(Items listed in a dataset)
##############################

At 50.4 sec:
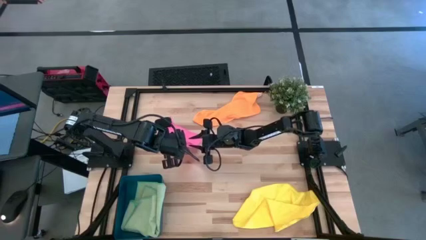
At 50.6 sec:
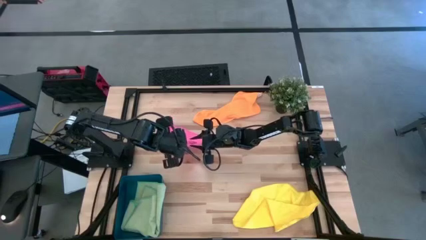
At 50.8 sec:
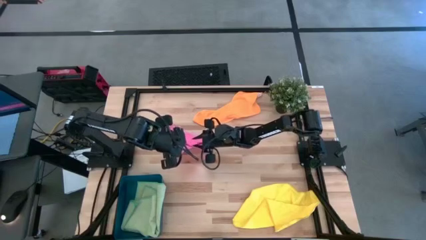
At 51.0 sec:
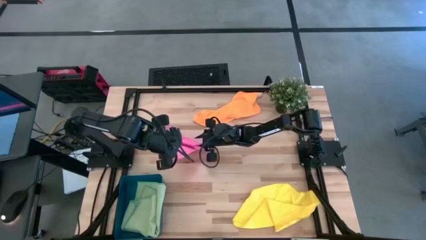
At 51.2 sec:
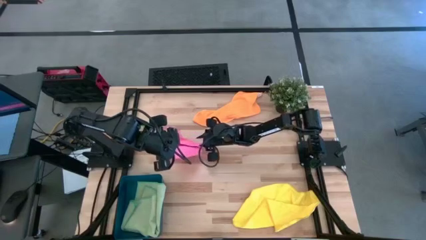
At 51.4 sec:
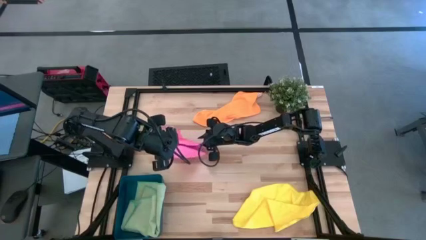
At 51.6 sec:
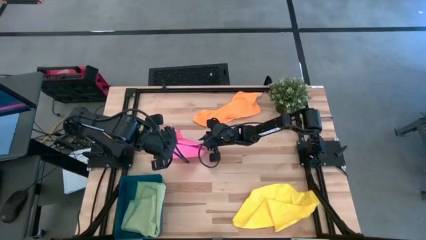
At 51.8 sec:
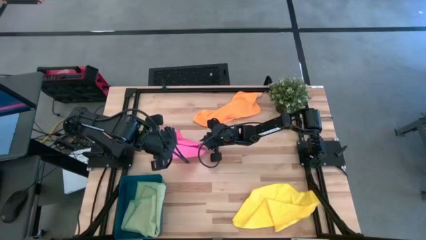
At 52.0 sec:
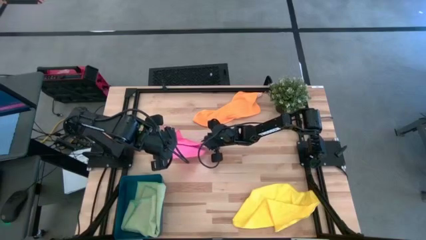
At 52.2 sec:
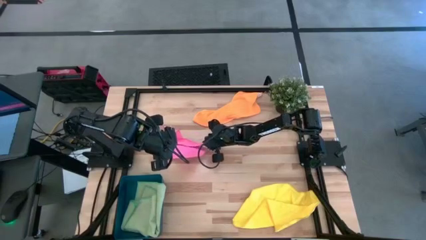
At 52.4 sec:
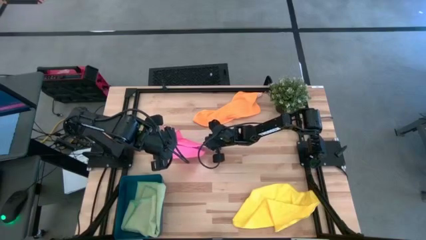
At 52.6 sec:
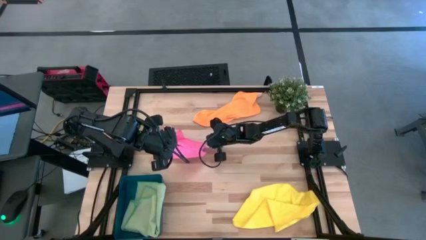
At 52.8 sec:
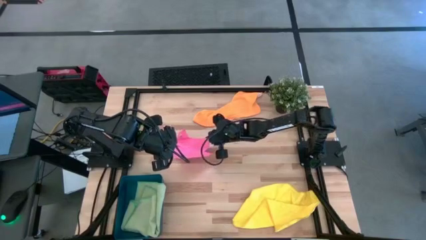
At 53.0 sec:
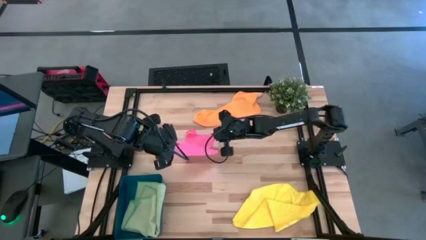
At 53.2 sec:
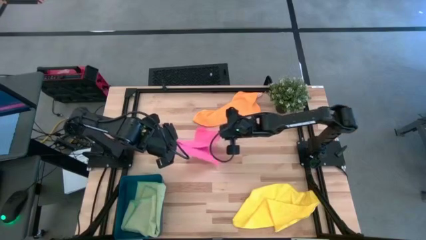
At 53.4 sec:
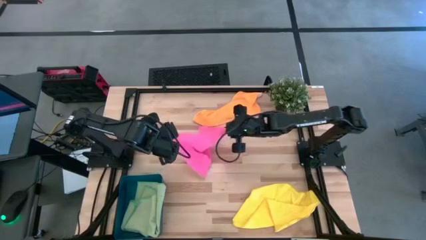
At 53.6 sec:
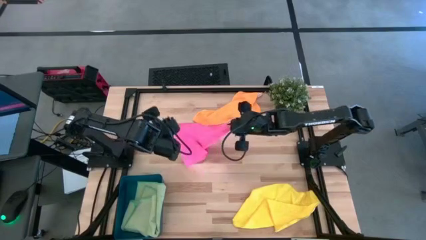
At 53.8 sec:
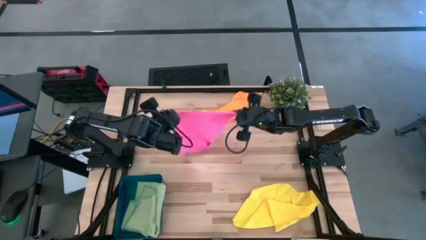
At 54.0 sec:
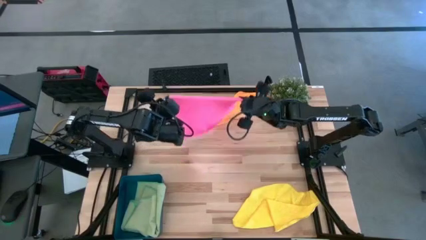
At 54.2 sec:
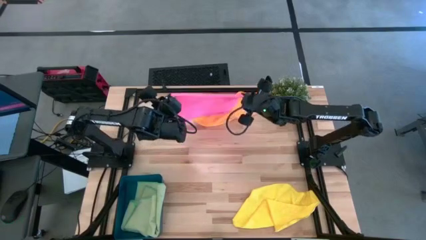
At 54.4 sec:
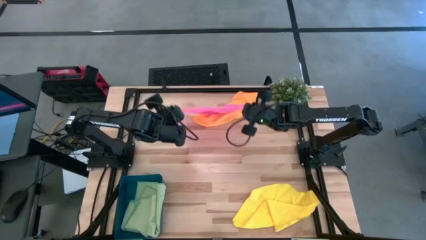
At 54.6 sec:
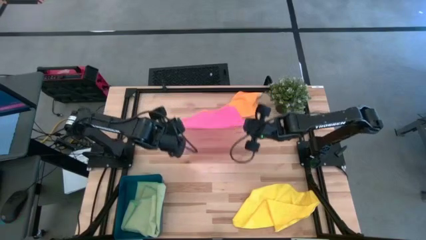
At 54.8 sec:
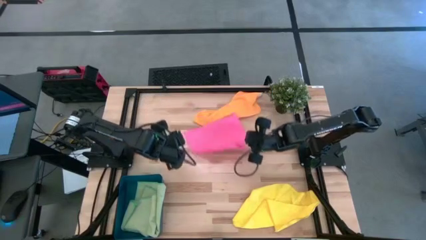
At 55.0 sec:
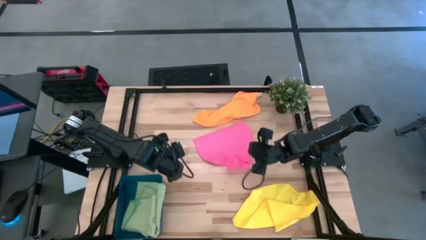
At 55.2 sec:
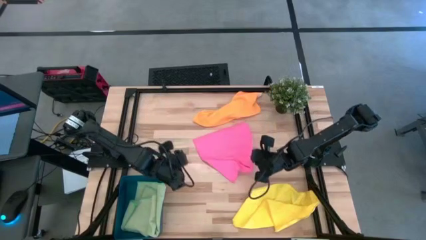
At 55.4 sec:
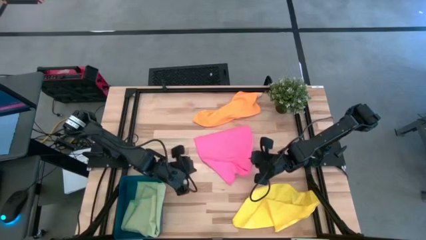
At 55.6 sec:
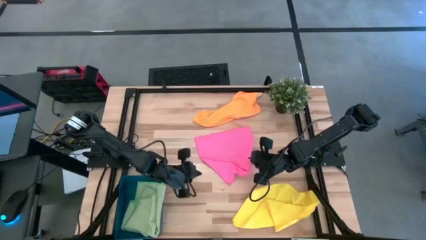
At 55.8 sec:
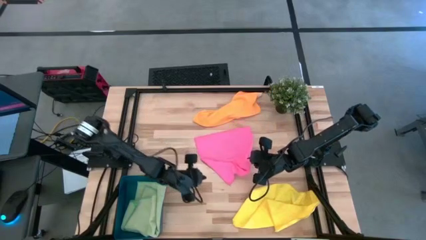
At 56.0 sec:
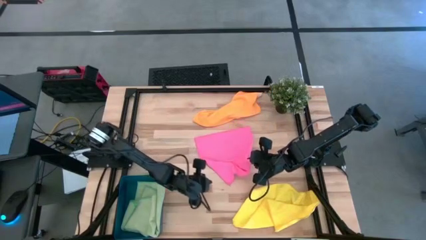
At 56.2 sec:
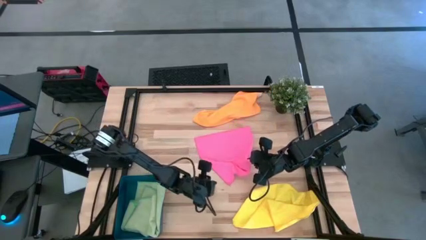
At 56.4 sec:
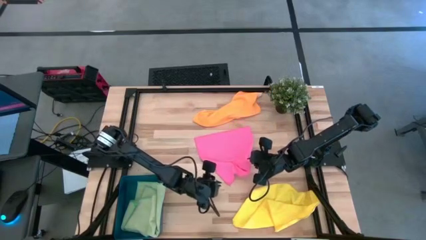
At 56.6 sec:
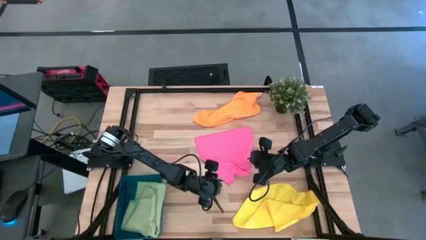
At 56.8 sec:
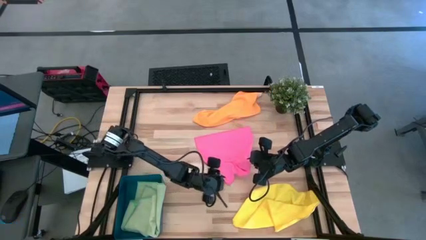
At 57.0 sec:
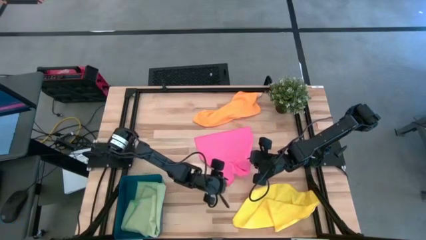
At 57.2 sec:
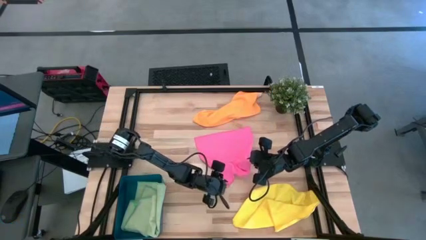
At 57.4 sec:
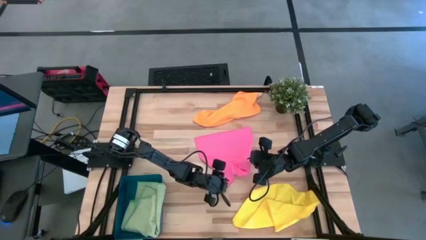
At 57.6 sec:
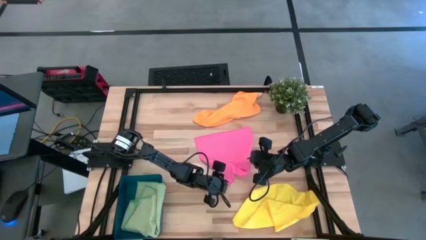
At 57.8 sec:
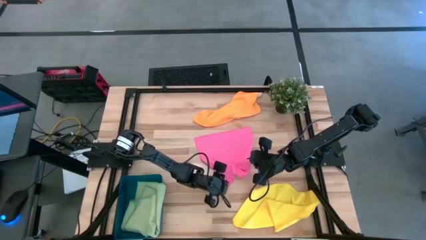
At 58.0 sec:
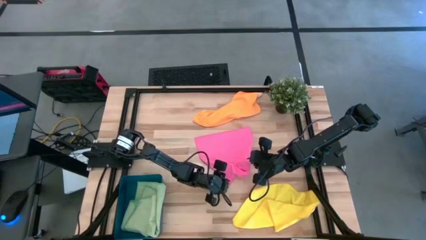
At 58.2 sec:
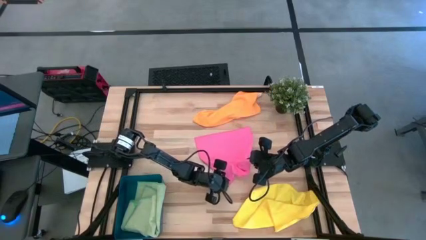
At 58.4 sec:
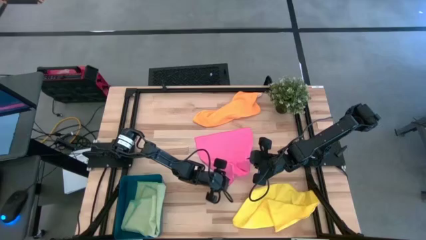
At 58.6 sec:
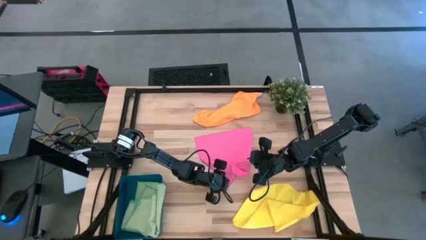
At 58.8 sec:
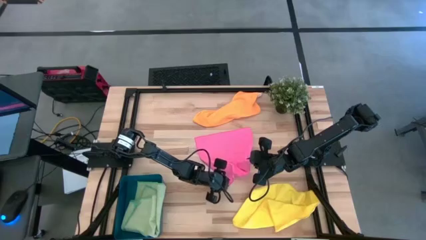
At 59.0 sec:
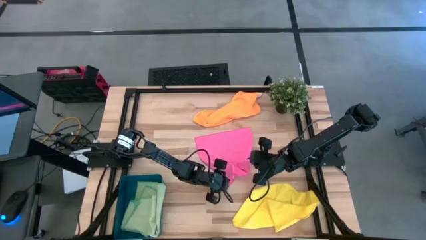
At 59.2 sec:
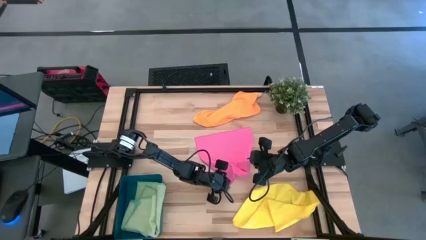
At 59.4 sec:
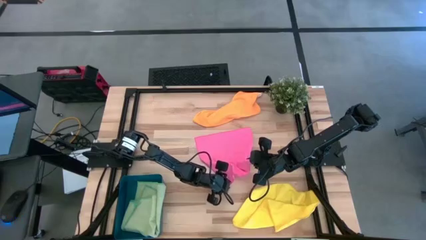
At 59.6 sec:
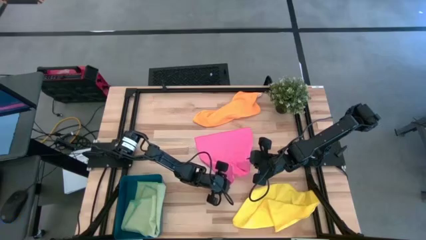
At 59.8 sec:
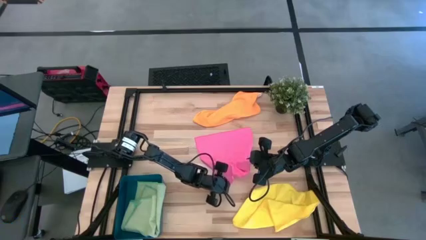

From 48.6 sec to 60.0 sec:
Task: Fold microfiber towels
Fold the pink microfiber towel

##############################

Aim of the exercise: The records above need to be given again exactly. Omit the pictures.

Solution:
At 50.4 sec:
At 50.6 sec:
At 50.8 sec:
At 51.0 sec:
At 51.2 sec:
At 51.4 sec:
At 51.6 sec:
At 51.8 sec:
At 52.0 sec:
At 52.2 sec:
At 52.4 sec:
At 52.6 sec:
At 52.8 sec:
At 53.0 sec:
At 53.2 sec:
At 53.4 sec:
At 53.6 sec:
At 53.8 sec:
At 54.0 sec:
At 54.2 sec:
At 54.4 sec:
At 54.6 sec:
At 54.8 sec:
At 55.0 sec:
At 55.2 sec:
At 55.4 sec:
At 55.6 sec:
At 55.8 sec:
At 56.0 sec:
At 56.2 sec:
At 56.4 sec:
At 56.6 sec:
At 56.8 sec:
At 57.0 sec:
At 57.2 sec:
At 57.4 sec:
At 57.6 sec:
At 57.8 sec:
At 58.0 sec:
At 58.2 sec:
At 58.4 sec:
At 58.6 sec:
At 58.8 sec:
At 59.0 sec:
At 59.2 sec:
At 59.4 sec:
At 59.6 sec:
At 59.8 sec:

From 48.6 sec to 60.0 sec:
Task: Fold microfiber towels
Fold the pink microfiber towel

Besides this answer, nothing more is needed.